*** Opening of Records for the task ***

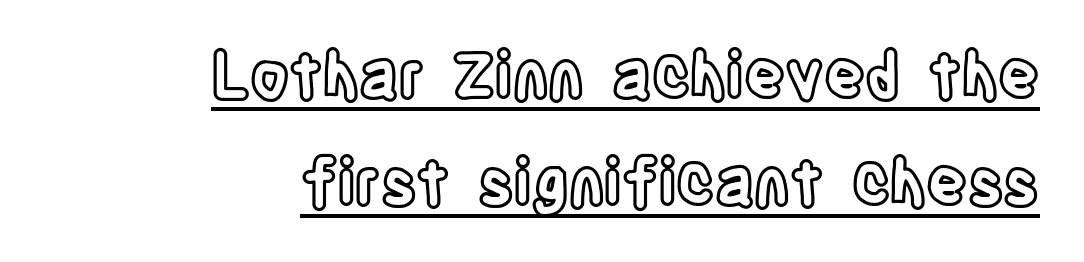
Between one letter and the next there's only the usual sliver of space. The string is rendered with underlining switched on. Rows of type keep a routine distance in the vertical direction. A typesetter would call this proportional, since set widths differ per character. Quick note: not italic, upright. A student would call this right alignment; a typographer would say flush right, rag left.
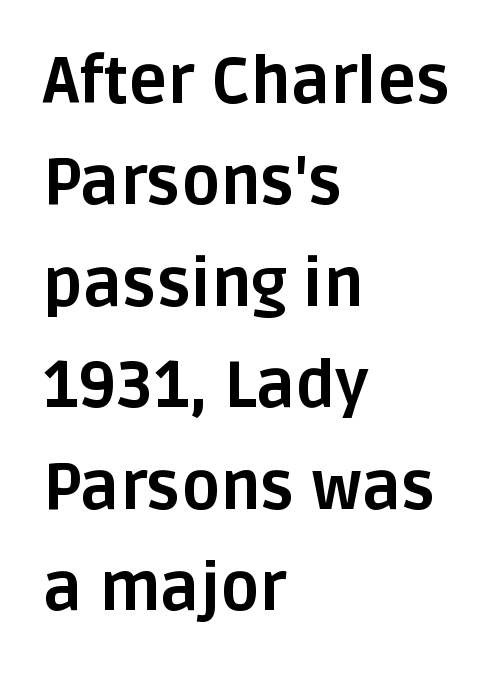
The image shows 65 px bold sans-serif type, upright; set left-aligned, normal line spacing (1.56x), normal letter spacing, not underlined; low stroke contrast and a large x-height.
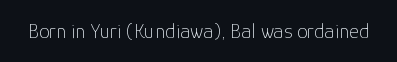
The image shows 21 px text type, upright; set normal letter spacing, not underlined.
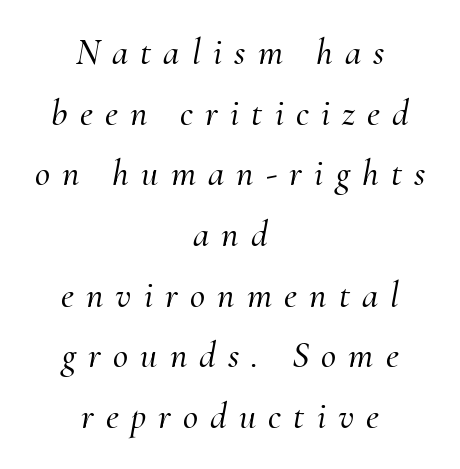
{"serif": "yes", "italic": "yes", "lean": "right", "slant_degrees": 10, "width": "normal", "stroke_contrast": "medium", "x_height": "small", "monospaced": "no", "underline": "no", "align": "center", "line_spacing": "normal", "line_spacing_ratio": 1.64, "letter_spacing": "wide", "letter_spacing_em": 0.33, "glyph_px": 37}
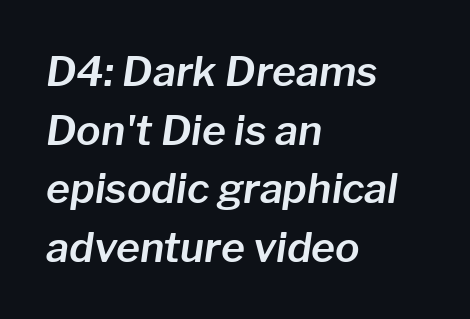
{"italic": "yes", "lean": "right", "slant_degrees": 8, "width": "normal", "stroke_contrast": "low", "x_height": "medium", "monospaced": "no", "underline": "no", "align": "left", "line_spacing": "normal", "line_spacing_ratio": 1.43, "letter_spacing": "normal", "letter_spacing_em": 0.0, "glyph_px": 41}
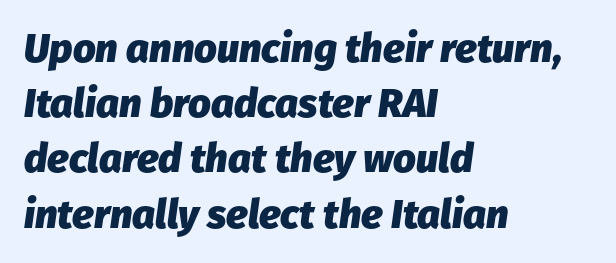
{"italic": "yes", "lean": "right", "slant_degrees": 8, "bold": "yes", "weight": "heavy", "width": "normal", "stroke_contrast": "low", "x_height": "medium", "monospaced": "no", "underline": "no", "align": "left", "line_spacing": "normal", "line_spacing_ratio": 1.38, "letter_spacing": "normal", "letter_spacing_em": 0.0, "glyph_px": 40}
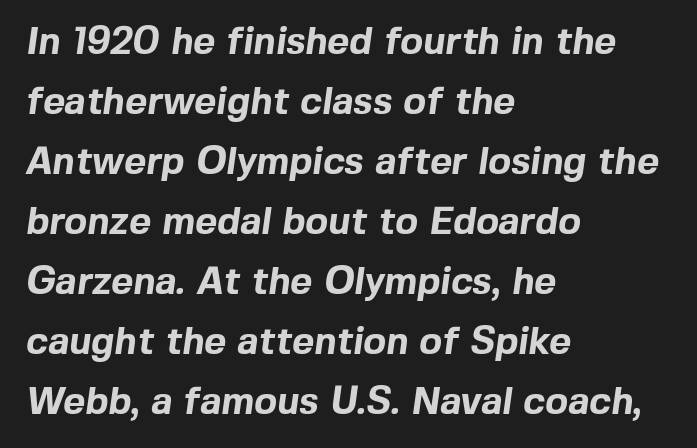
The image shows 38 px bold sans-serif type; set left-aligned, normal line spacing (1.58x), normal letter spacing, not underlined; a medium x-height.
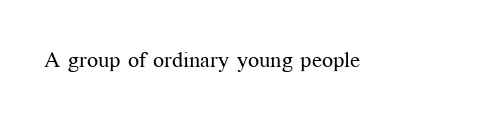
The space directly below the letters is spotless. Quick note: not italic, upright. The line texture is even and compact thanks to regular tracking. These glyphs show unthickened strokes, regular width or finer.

*** Close of Records for the task ***

- _Problem requirements_
Show every line in the records above that contains the word "type".

- _Answer below_
Between one letter and the next there's only the usual sliver of space. The string is rendered with underlining switched on. Rows of type keep a routine distance in the vertical direction. A typesetter would call this proportional, since set widths differ per character. Quick note: not italic, upright. A student would call this right alignment; a typographer would say flush right, rag left.
The image shows 65 px bold sans-serif type, upright; set left-aligned, normal line spacing (1.56x), normal letter spacing, not underlined; low stroke contrast and a large x-height.
The image shows 21 px text type, upright; set normal letter spacing, not underlined.
The image shows 38 px bold sans-serif type; set left-aligned, normal line spacing (1.58x), normal letter spacing, not underlined; a medium x-height.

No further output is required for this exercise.